ROGER KIMBALL ON ENCOUNTER BROADSIDES…SEE NOTE
The hottest spot last Wednesday
It was hot in Washington, D.C., last Wednesday but the hottest spot was undoubtedly on the terrace of the Willard Hotel, and I am not talking only about the mercury. Gathered there were 100 or so patriots concerned about the direction of the country. They had come to celebrate the first season of a new publishing initiative from Encounter Books, Encounter Broadsides. To date, we’ve published a baker’s dozen of these forthright educational pamphlets.
Joining me to talk about the Broadsides were Ambassador John Bolton, former Attorney General Michael Mukasey, and health-care campaigner Betsy McCaughey’s “whose Obama Health Law: What It Says and How to Overturn It,†just rolled off the press and will be available in bookstores and for download soon.
But what are Encounter Broadsides? One answer is that they are modestly-priced, handsomely printed essays of some 5000-7000 words — long enough to elaborate a case, short enough to be composed quickly by a seasoned writer and to be read in a sitting.
Another, deeper, answer is that they are an effort to resuscitate an 18th-century literary form in a 21st century context. Just as Broadsides like The Federalist Papers and Common Sense helped define the aspirations of ordered liberty at the dawn of the United States, so Encounter Broadsides aim to inform, illuminate, arouse, and protect freedom in this troubled period of American history. Together, Encoutner Broadsides are a wake-up call. A alarm bell. A blueprint, if I may employ a once-popular phrase, for hope and change.
In an age when debate about critical matters is often compressed into the literary equivalent of a geometrical point, we saw that there was a new opportunity for commentary that is brief but thoughtful, authoritative yet timely.
With Encounter Broadsides, we aim to capitalize on that opportunity, providing new ammunition for serious debate. You can read them in a sitting and come away knowing the best we can hope for and the worst we must fear.
We aim not merely to comment on, but to intervene in the debate, bringing fresh perspectives to controversies that too often have been interred in the shallow grave of politically correct orthodoxy.
The goal of Encounter Broadsides is to change minds, not merely add to the pile of commentary. Ultimately, we seek to help shape policy and rescue the American dream from the nightmare of the new collectivism that is threatening our liberty, our prosperity, and our national security.

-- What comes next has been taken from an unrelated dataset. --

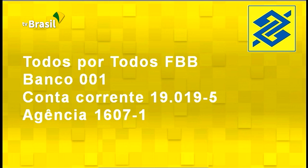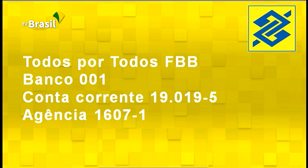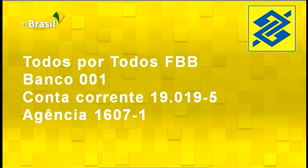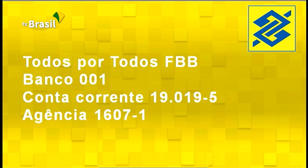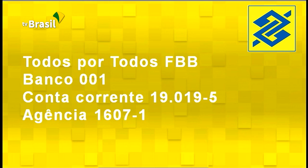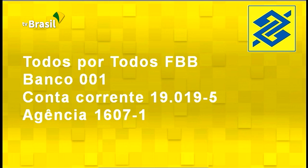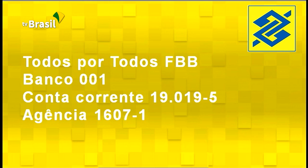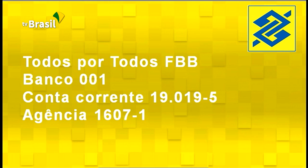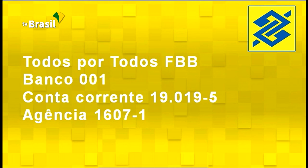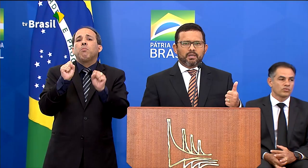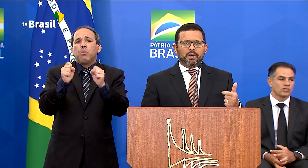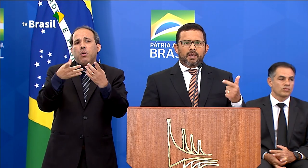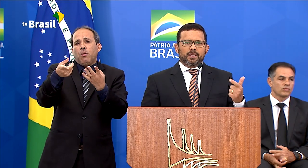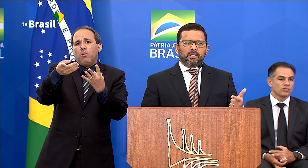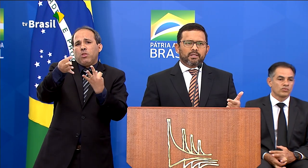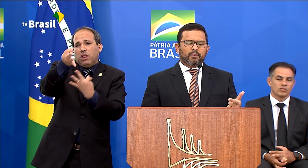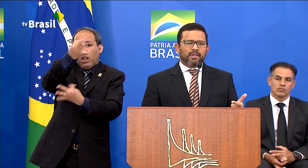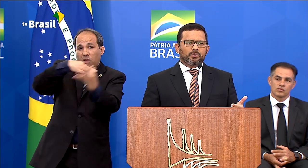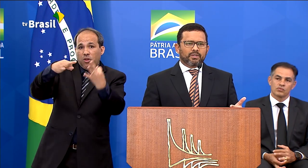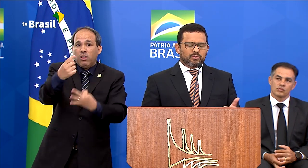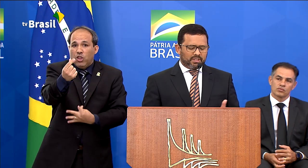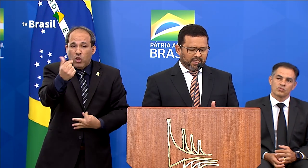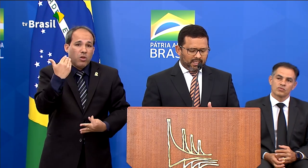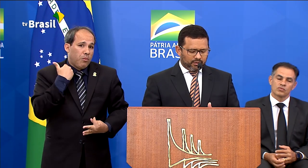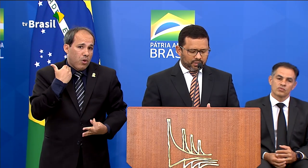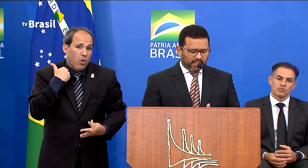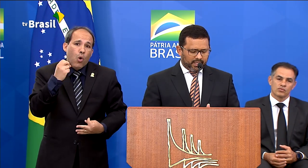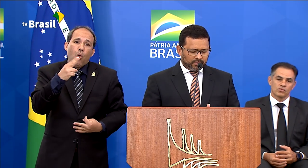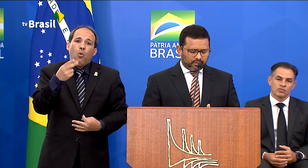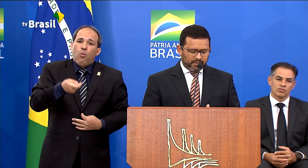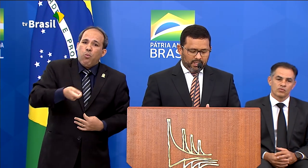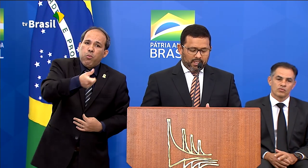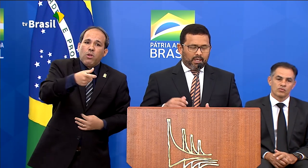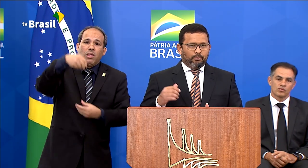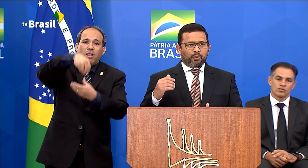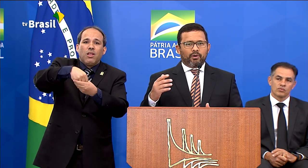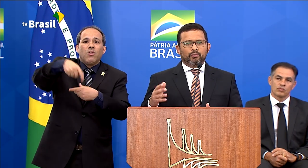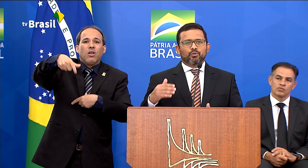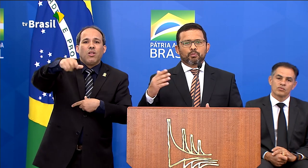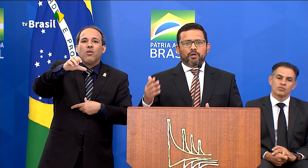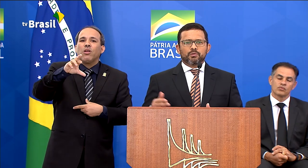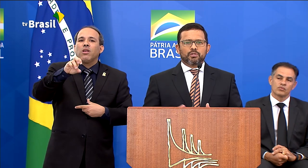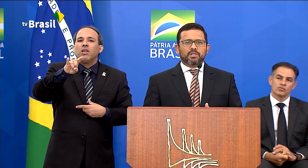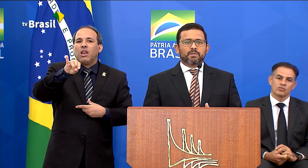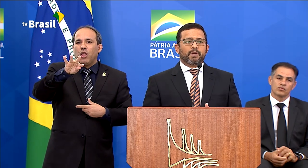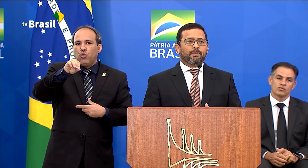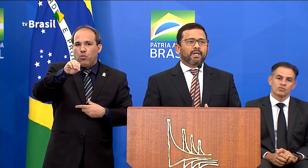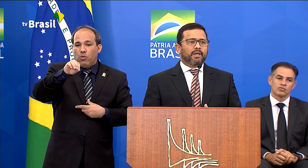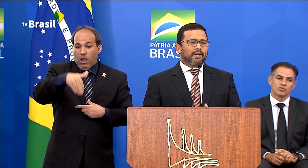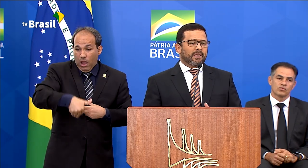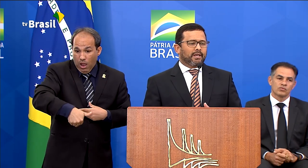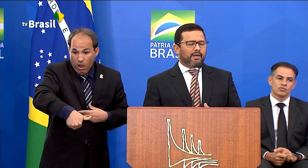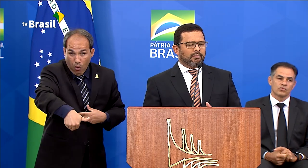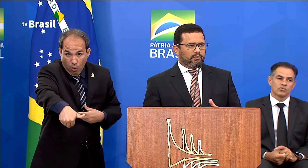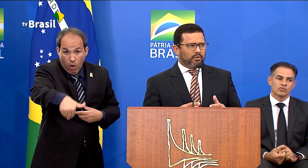para recebimento de transferências e também doações em cartão de crédito. Nos próximos dias,

I believe this is a critical moment in the history of the West, and of America in particular. The economic crisis has precipitated a loss of confidence in the value of free markets unlike anything we have seen in decades. Socialism, and the soft-totalitarianism that follows in its wake, is making a comeback everywhere. At the same time, radical Islam confronts democratic society with a categorical and intransigent threat to its existence even as newly rampant authoritarian regimes from Russia and Iran to China and Venezuela are flexing their muscles. Truly, as the old Chinese curse would have it, these are interesting times.
I believe that Encounter Broadsides can play an important role in analyzing and educating the public about a broad range of critical issues. Written by some of our most lively and perceptive commentators, they make the case for liberty and the institutions democratic capitalism at a time when they are under siege the resurgence of collectivist sentiment and anti-democratic feeling.